*What the task requires*: Only the lines from the one with "Information électorale Éducation électorale" through the last line of the data below are to be duplicated, exactly and without pictures.

*Available data*:
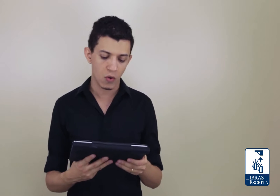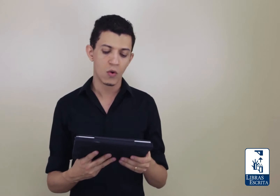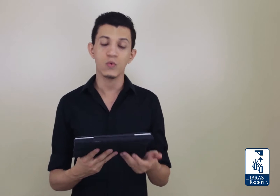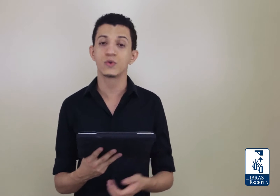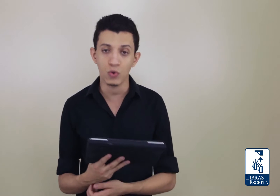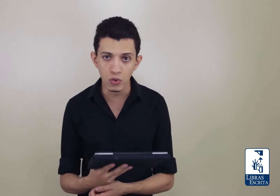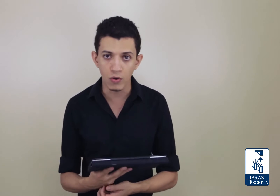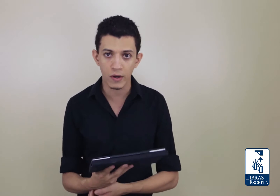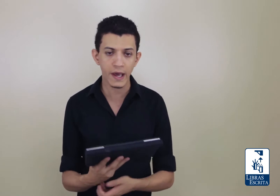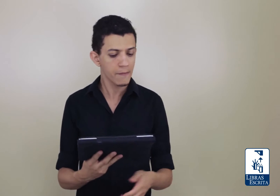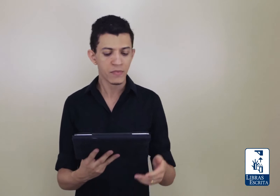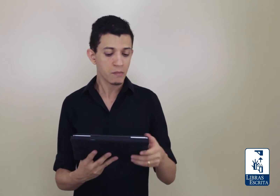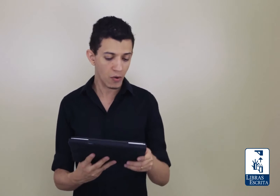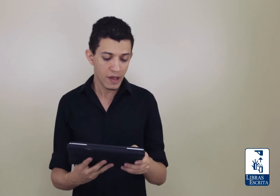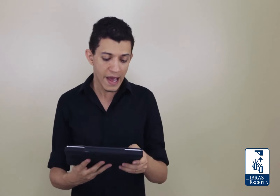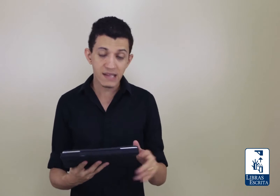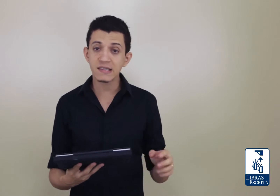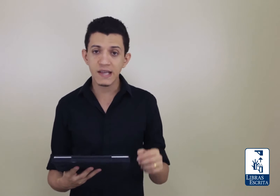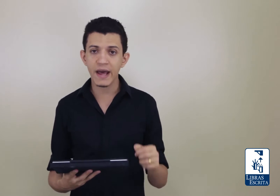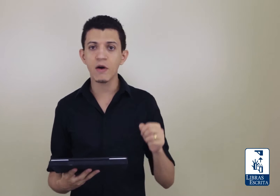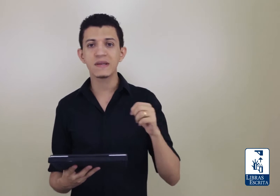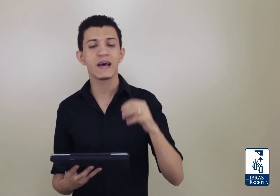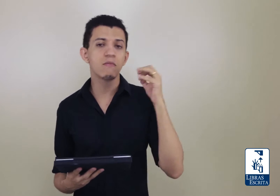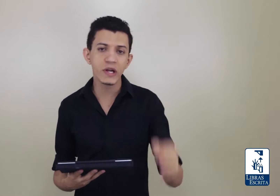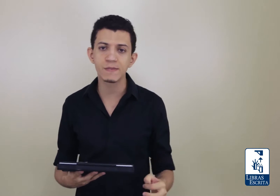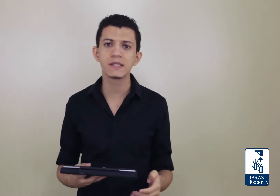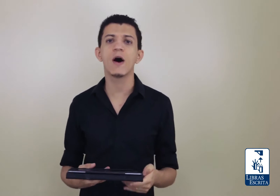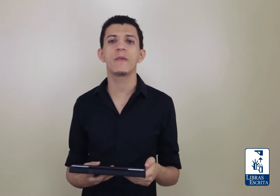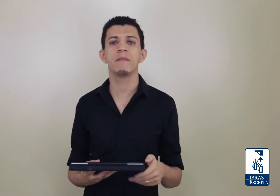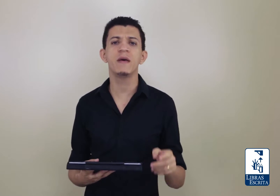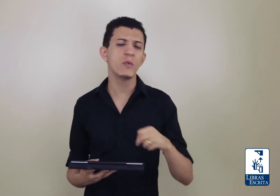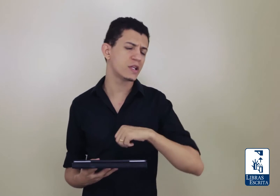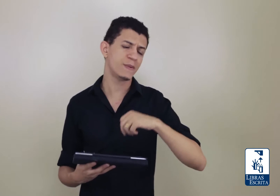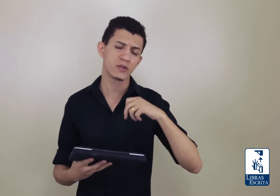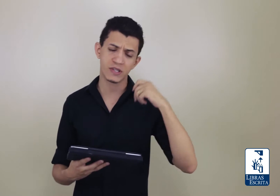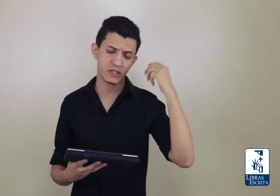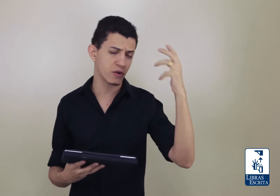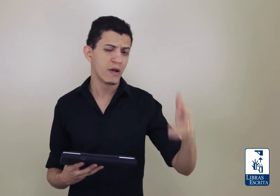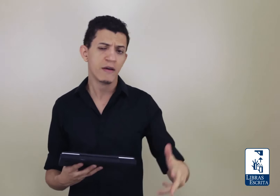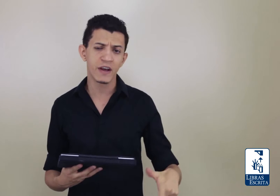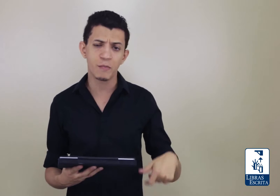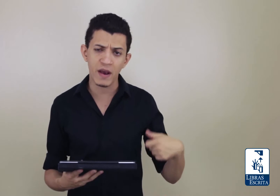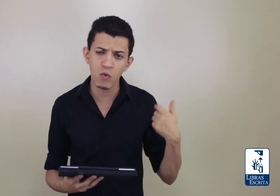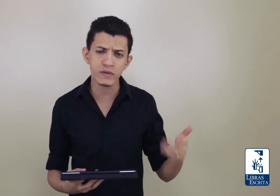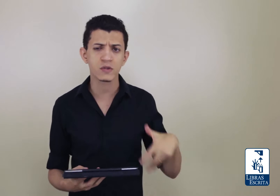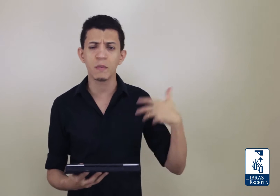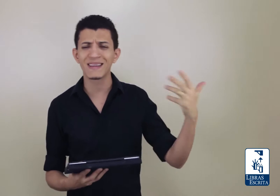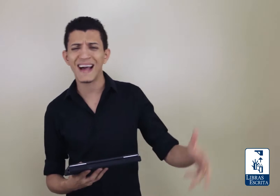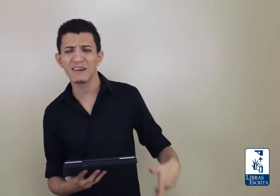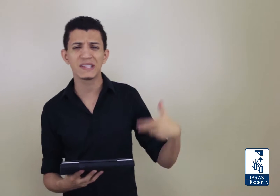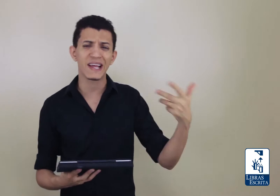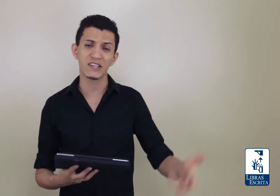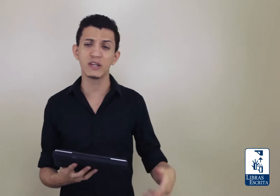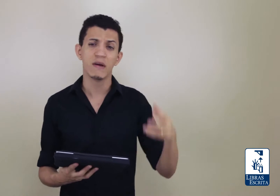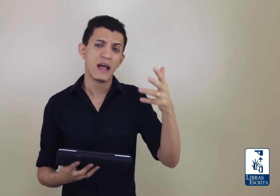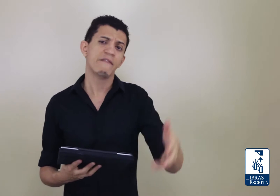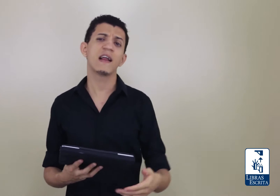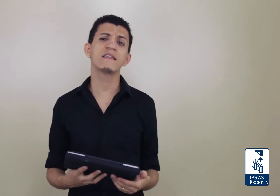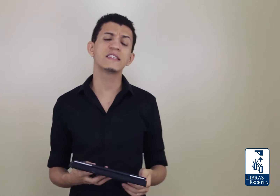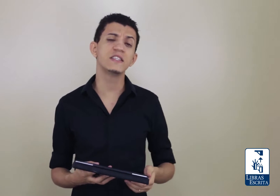um surdo, ok? Bom, essa série é uma série muito especial para mim, muitas pessoas já tinham feito perguntas, comentários, interagindo, falado dessa
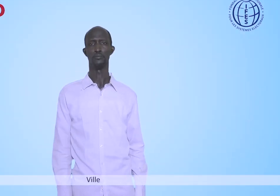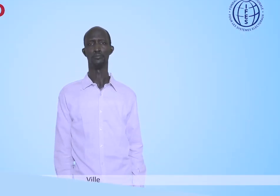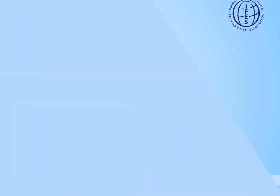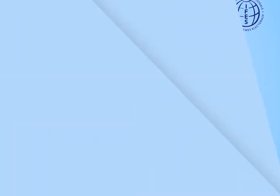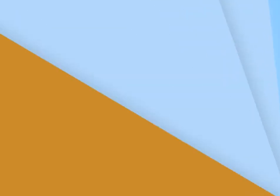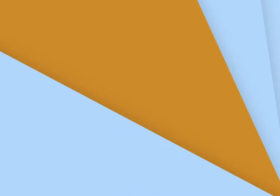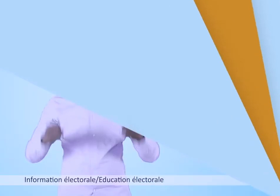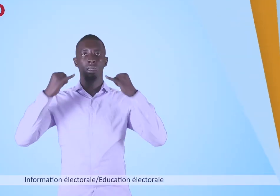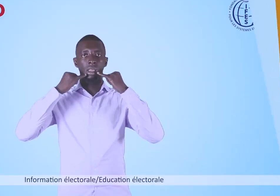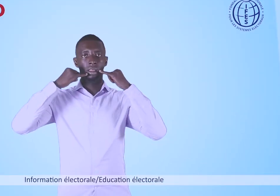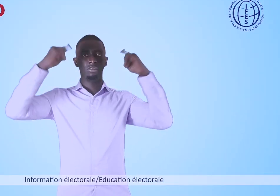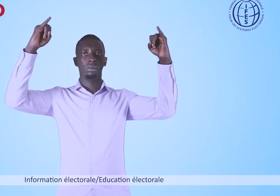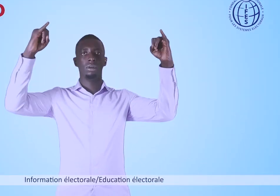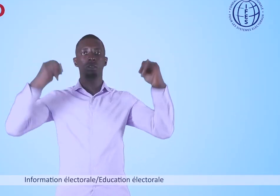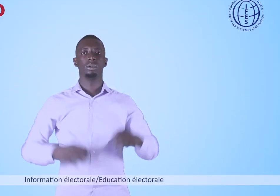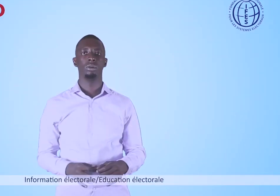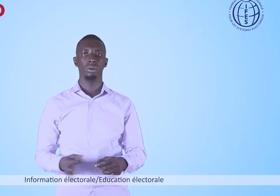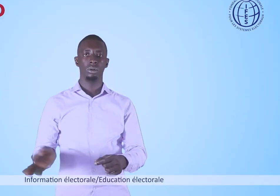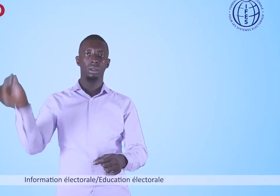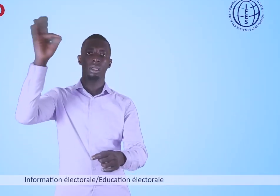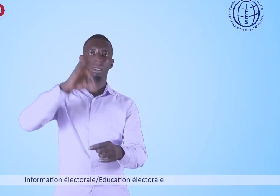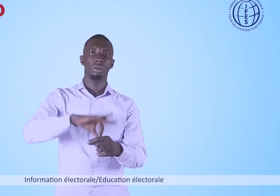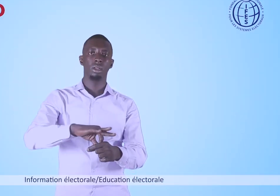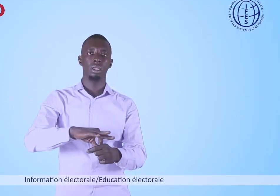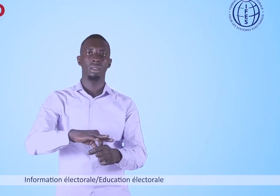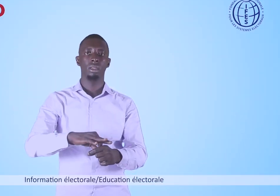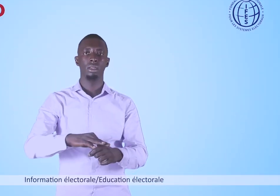Information électorale Éducation électorale
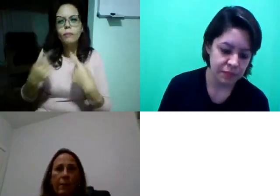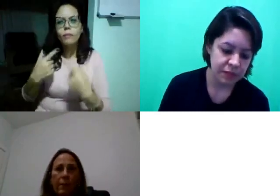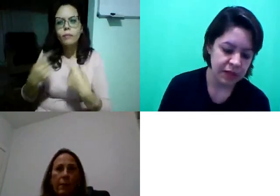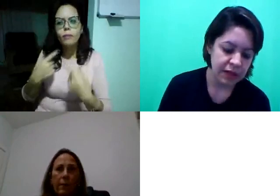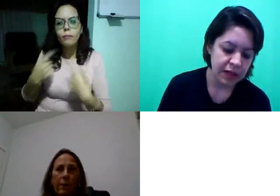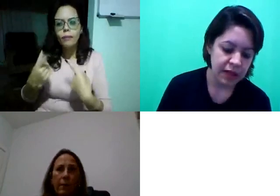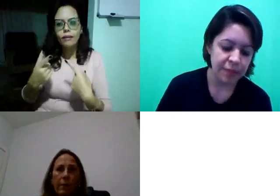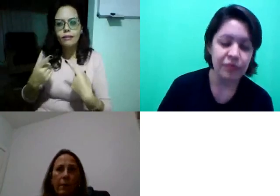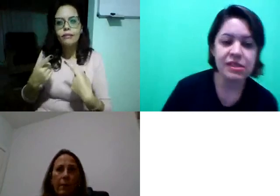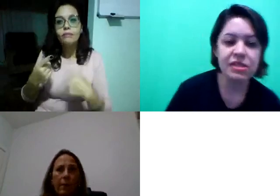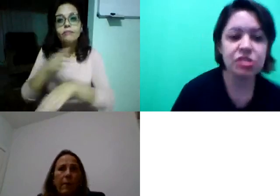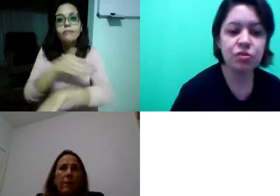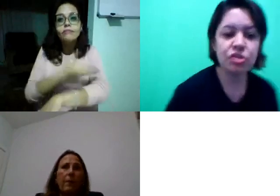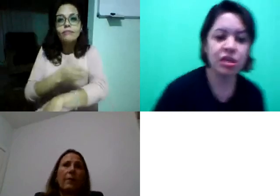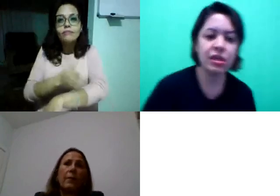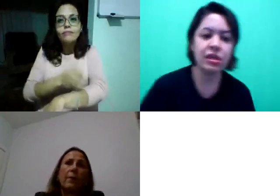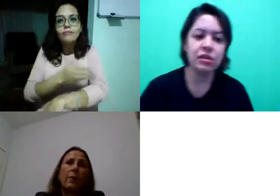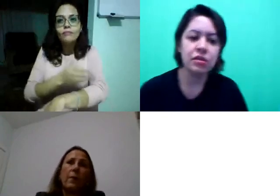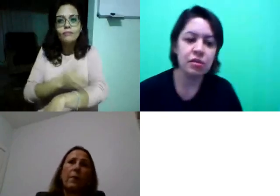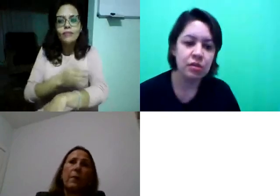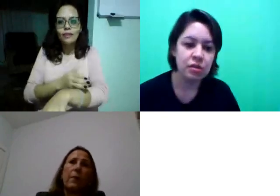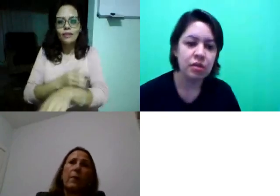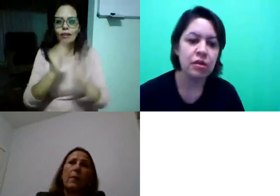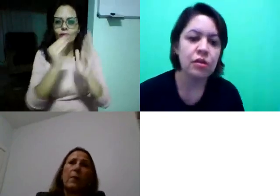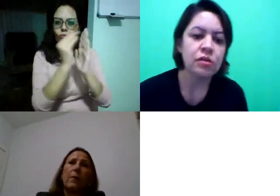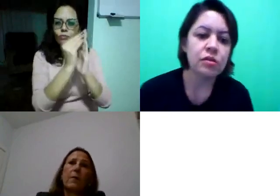é para vocês discutirem

*Response below*:
Information électorale Éducation électorale
é para vocês discutirem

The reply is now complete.